Aim of the exercise: Any image in the records is to be skipped; everything else should be reproduced exactly.

Data under study:
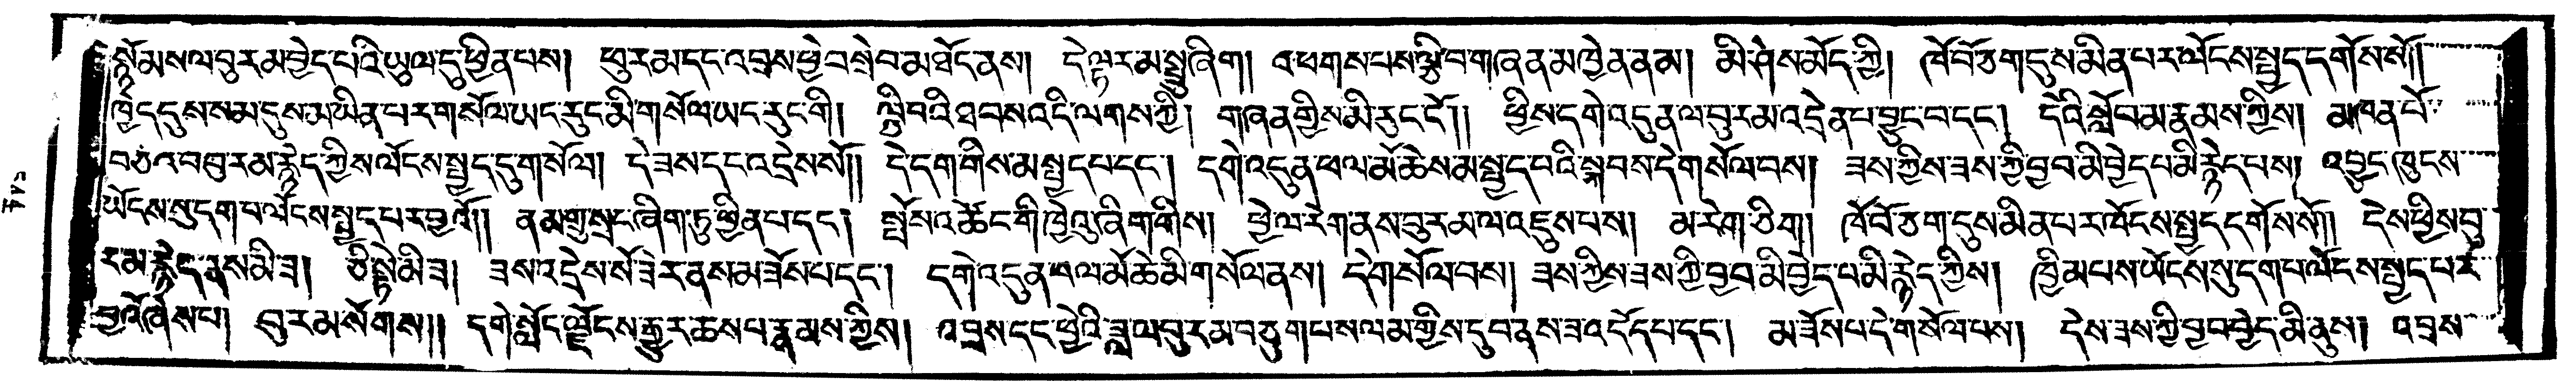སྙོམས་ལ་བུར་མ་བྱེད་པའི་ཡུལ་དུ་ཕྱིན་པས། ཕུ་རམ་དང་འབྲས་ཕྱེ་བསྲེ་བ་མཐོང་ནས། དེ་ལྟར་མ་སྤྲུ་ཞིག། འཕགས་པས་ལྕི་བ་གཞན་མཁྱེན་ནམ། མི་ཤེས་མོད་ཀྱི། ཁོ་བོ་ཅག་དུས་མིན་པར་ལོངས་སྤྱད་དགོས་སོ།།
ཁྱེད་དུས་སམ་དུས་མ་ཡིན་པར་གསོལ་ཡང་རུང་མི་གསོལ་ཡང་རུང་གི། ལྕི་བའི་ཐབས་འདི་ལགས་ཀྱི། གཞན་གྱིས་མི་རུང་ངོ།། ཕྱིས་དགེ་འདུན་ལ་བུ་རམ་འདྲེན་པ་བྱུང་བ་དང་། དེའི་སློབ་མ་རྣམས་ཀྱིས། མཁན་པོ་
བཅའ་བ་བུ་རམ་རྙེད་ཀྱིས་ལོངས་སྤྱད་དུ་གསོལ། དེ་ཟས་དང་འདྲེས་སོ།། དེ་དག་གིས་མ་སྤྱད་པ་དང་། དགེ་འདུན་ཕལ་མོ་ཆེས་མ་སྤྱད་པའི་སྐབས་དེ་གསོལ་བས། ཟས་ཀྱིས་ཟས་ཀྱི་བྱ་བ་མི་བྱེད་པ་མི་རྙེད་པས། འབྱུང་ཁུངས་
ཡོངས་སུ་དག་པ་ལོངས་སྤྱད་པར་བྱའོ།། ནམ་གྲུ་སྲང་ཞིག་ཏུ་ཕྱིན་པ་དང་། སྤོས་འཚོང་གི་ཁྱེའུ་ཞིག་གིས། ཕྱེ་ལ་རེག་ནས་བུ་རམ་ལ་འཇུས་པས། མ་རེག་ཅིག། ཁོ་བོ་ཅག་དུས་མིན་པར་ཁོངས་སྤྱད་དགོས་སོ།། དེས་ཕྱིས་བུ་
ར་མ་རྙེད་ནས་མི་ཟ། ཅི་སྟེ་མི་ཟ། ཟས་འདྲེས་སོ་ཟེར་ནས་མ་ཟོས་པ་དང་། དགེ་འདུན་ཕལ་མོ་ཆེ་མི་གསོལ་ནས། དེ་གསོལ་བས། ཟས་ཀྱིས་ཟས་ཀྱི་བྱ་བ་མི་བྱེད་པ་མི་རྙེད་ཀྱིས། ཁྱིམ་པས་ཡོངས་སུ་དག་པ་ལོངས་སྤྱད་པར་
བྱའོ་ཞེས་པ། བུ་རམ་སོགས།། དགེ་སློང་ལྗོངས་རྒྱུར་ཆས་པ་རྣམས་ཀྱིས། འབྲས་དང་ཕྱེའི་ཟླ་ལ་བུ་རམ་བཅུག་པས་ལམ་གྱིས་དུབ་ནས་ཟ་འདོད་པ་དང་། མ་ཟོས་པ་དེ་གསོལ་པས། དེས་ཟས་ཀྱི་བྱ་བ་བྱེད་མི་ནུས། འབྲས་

Result below:
སྙོམས་ལ་བུར་མ་བྱེད་པའི་ཡུལ་དུ་ཕྱིན་པས། ཕུ་རམ་དང་འབྲས་ཕྱེ་བསྲེ་བ་མཐོང་ནས། དེ་ལྟར་མ་སྤྲུ་ཞིག། འཕགས་པས་ལྕི་བ་གཞན་མཁྱེན་ནམ། མི་ཤེས་མོད་ཀྱི། ཁོ་བོ་ཅག་དུས་མིན་པར་ལོངས་སྤྱད་དགོས་སོ།།
ཁྱེད་དུས་སམ་དུས་མ་ཡིན་པར་གསོལ་ཡང་རུང་མི་གསོལ་ཡང་རུང་གི། ལྕི་བའི་ཐབས་འདི་ལགས་ཀྱི། གཞན་གྱིས་མི་རུང་ངོ།། ཕྱིས་དགེ་འདུན་ལ་བུ་རམ་འདྲེན་པ་བྱུང་བ་དང་། དེའི་སློབ་མ་རྣམས་ཀྱིས། མཁན་པོ་
བཅའ་བ་བུ་རམ་རྙེད་ཀྱིས་ལོངས་སྤྱད་དུ་གསོལ། དེ་ཟས་དང་འདྲེས་སོ།། དེ་དག་གིས་མ་སྤྱད་པ་དང་། དགེ་འདུན་ཕལ་མོ་ཆེས་མ་སྤྱད་པའི་སྐབས་དེ་གསོལ་བས། ཟས་ཀྱིས་ཟས་ཀྱི་བྱ་བ་མི་བྱེད་པ་མི་རྙེད་པས། འབྱུང་ཁུངས་
ཡོངས་སུ་དག་པ་ལོངས་སྤྱད་པར་བྱའོ།། ནམ་གྲུ་སྲང་ཞིག་ཏུ་ཕྱིན་པ་དང་། སྤོས་འཚོང་གི་ཁྱེའུ་ཞིག་གིས། ཕྱེ་ལ་རེག་ནས་བུ་རམ་ལ་འཇུས་པས། མ་རེག་ཅིག། ཁོ་བོ་ཅག་དུས་མིན་པར་ཁོངས་སྤྱད་དགོས་སོ།། དེས་ཕྱིས་བུ་
ར་མ་རྙེད་ནས་མི་ཟ། ཅི་སྟེ་མི་ཟ། ཟས་འདྲེས་སོ་ཟེར་ནས་མ་ཟོས་པ་དང་། དགེ་འདུན་ཕལ་མོ་ཆེ་མི་གསོལ་ནས། དེ་གསོལ་བས། ཟས་ཀྱིས་ཟས་ཀྱི་བྱ་བ་མི་བྱེད་པ་མི་རྙེད་ཀྱིས། ཁྱིམ་པས་ཡོངས་སུ་དག་པ་ལོངས་སྤྱད་པར་
བྱའོ་ཞེས་པ། བུ་རམ་སོགས།། དགེ་སློང་ལྗོངས་རྒྱུར་ཆས་པ་རྣམས་ཀྱིས། འབྲས་དང་ཕྱེའི་ཟླ་ལ་བུ་རམ་བཅུག་པས་ལམ་གྱིས་དུབ་ནས་ཟ་འདོད་པ་དང་། མ་ཟོས་པ་དེ་གསོལ་པས། དེས་ཟས་ཀྱི་བྱ་བ་བྱེད་མི་ནུས། འབྲས་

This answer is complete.